Structural effects on the pH-dependent fluorescence of naphthalenic derivatives and consequences for sensing/switchingDedicated to Jean-Pierre Desvergne and to Hubert Le Bozec.This article is published as part of a themed issue in honour of Jean-Pierre Desvergne on the occasion of his 65th birthday

Naphthalenic compounds are a rich resource for designers of fluorescent sensing/switching/logic systems. The degree of internal charge transfer (ICT) character in the fluorophore excited states can vary from negligible to substantial. Naphthalene-1,8;4,5-diimides ( 11-13 ), 1,8-naphthalimides ( 16 ) and 4-chloro-1,8-naphthalimides ( 15 ) are of the former type. The latter type is represented by the 4-alkylamino-1,8-naphthalimides ( 1 ).

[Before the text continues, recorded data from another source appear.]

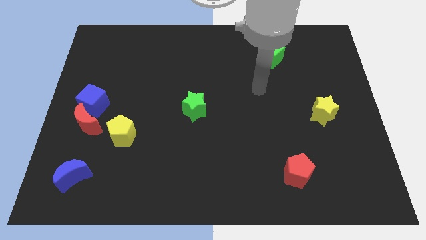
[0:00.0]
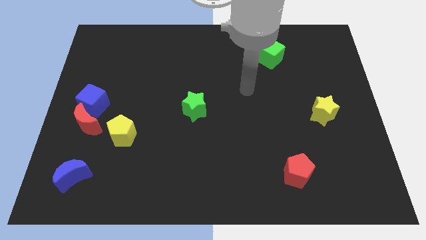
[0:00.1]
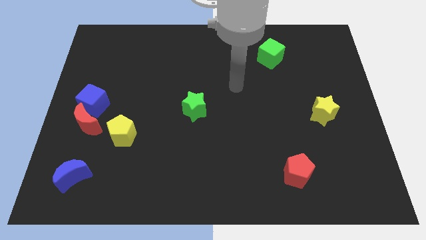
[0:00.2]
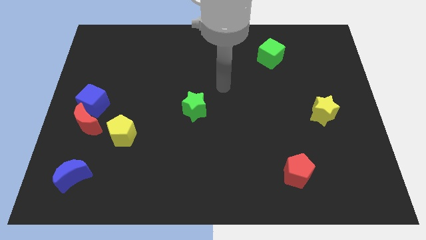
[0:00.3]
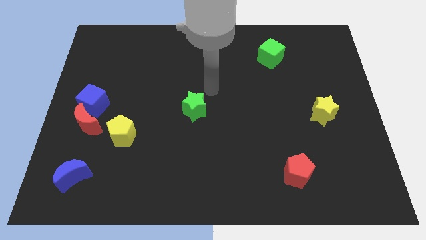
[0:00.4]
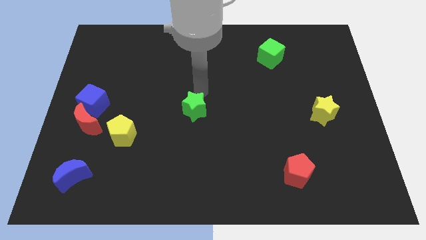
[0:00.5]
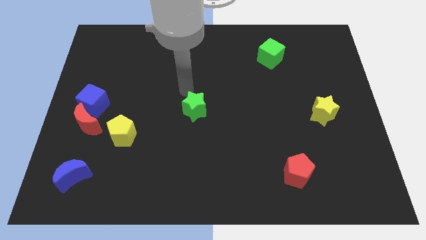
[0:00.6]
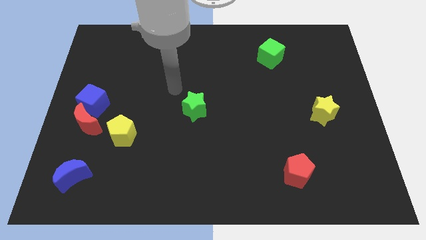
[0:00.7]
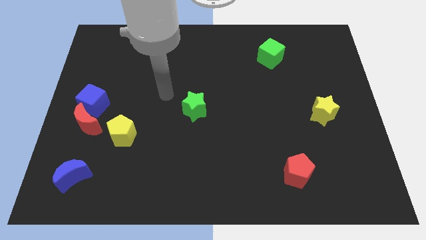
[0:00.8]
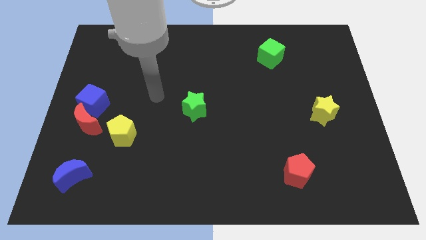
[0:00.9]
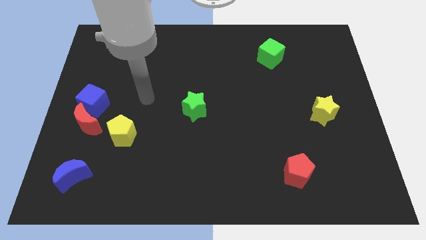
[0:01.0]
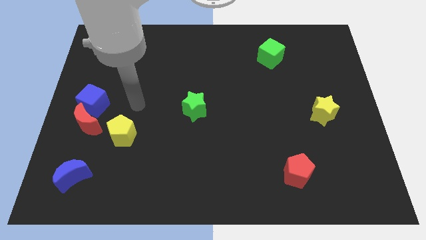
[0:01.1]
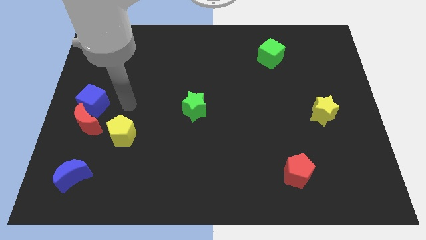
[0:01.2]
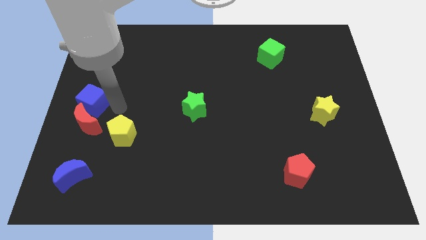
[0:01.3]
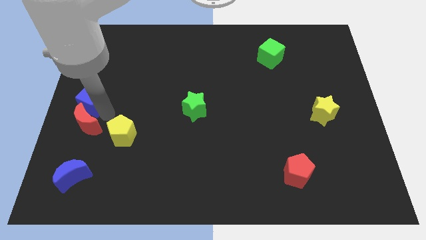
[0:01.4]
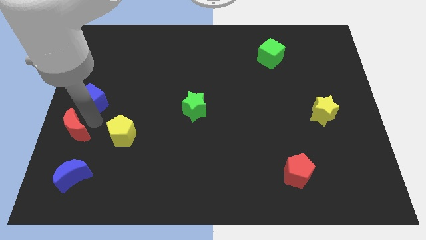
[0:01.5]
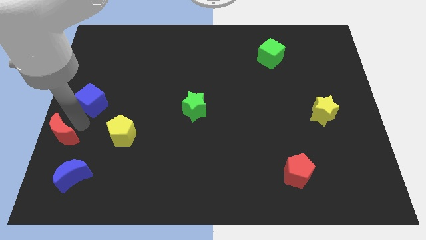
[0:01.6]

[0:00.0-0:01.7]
pull the blue cube apart from the red moon

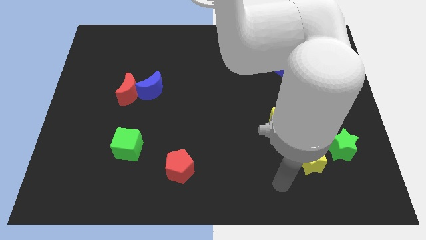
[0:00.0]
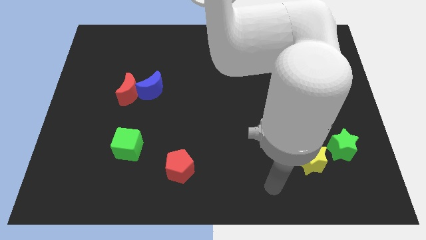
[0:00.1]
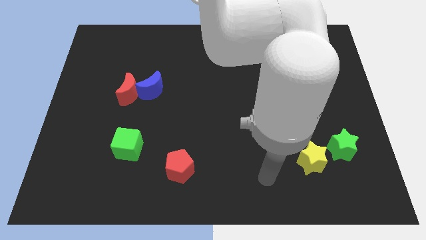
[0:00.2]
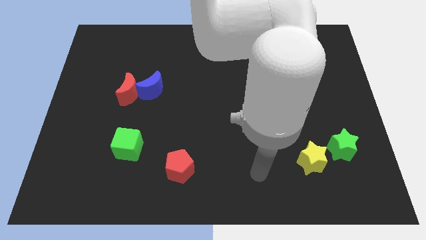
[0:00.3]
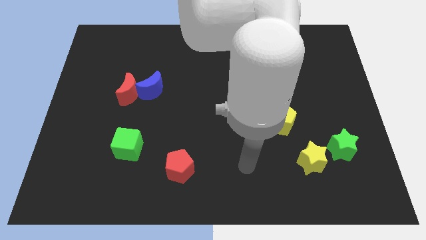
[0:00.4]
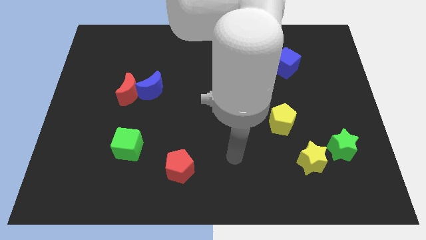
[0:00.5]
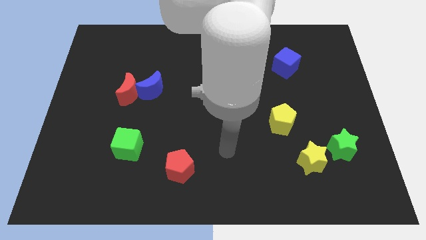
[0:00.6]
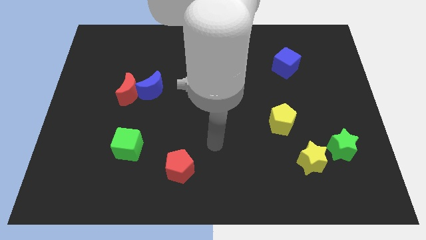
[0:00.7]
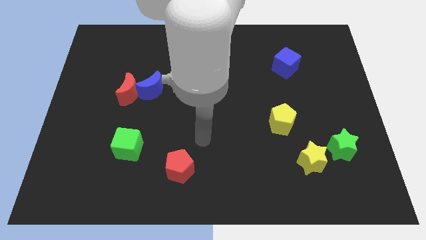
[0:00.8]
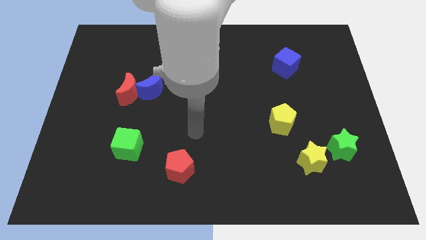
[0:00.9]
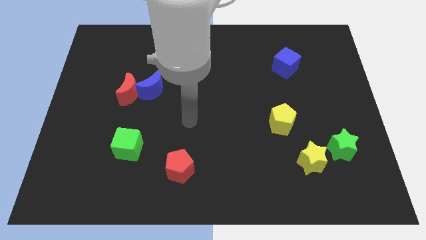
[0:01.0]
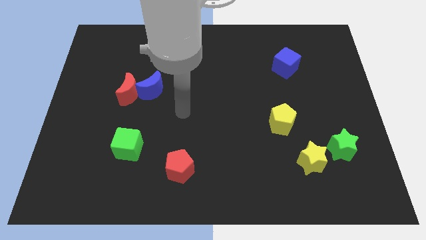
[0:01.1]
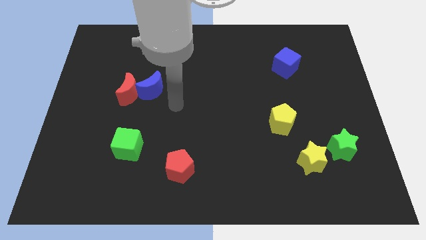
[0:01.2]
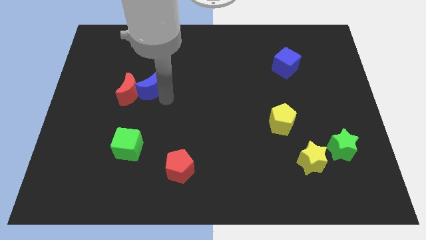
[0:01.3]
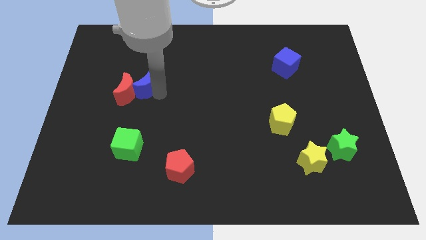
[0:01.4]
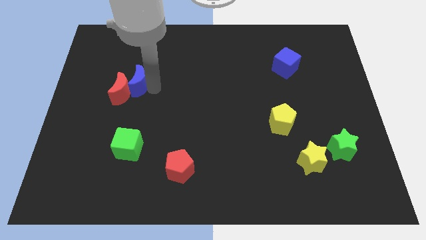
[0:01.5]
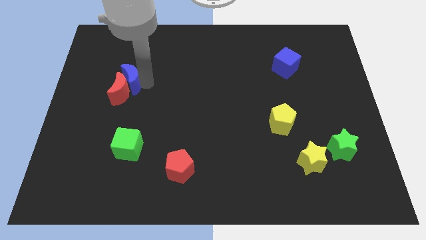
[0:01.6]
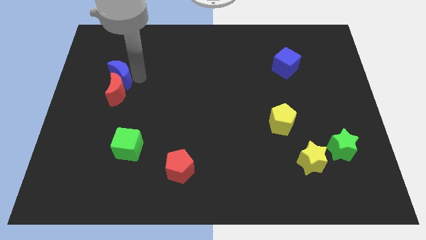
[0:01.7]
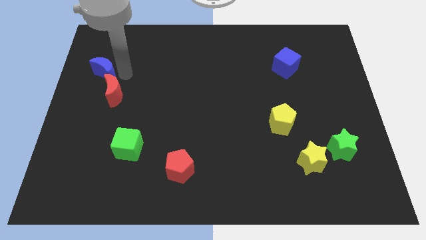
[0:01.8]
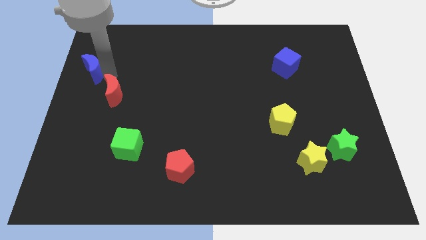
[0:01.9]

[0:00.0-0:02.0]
move the red moon away from the blue moon

Whether ICT-based or not, these serve as the fluorophore in 'fluorophore-spacer-receptor' switching systems where PET holds sway until the receptor is bound to H + . On the other hand, 4-dialkylamino-1,8-naphthalimides ( 3-4 ) show modest H + -induced fluorescence switching unless the 4-dialkylamino group is a part of a small ring ( 5 ). Electrostatic destabilization of a non-emissive twisted internal charge transfer (ICT) excited state is the origin of this behaviour. An evolution to the non-emissive twisted ICT excited state is responsible for the weak emission of the model compound 6 (and related structures 7 and 8 ) across the pH range. Twisted ICT excited states are also implicated in the switch 9 and its model compound 10 , which are based on the 6-dialkylamino-3 H -benzimidazo[2,1- a ]benz[ d , e ]isoquinolin-3-one fluorophore. Naphthalenic derivatives display a range of H + -induced fluorescence switching actions.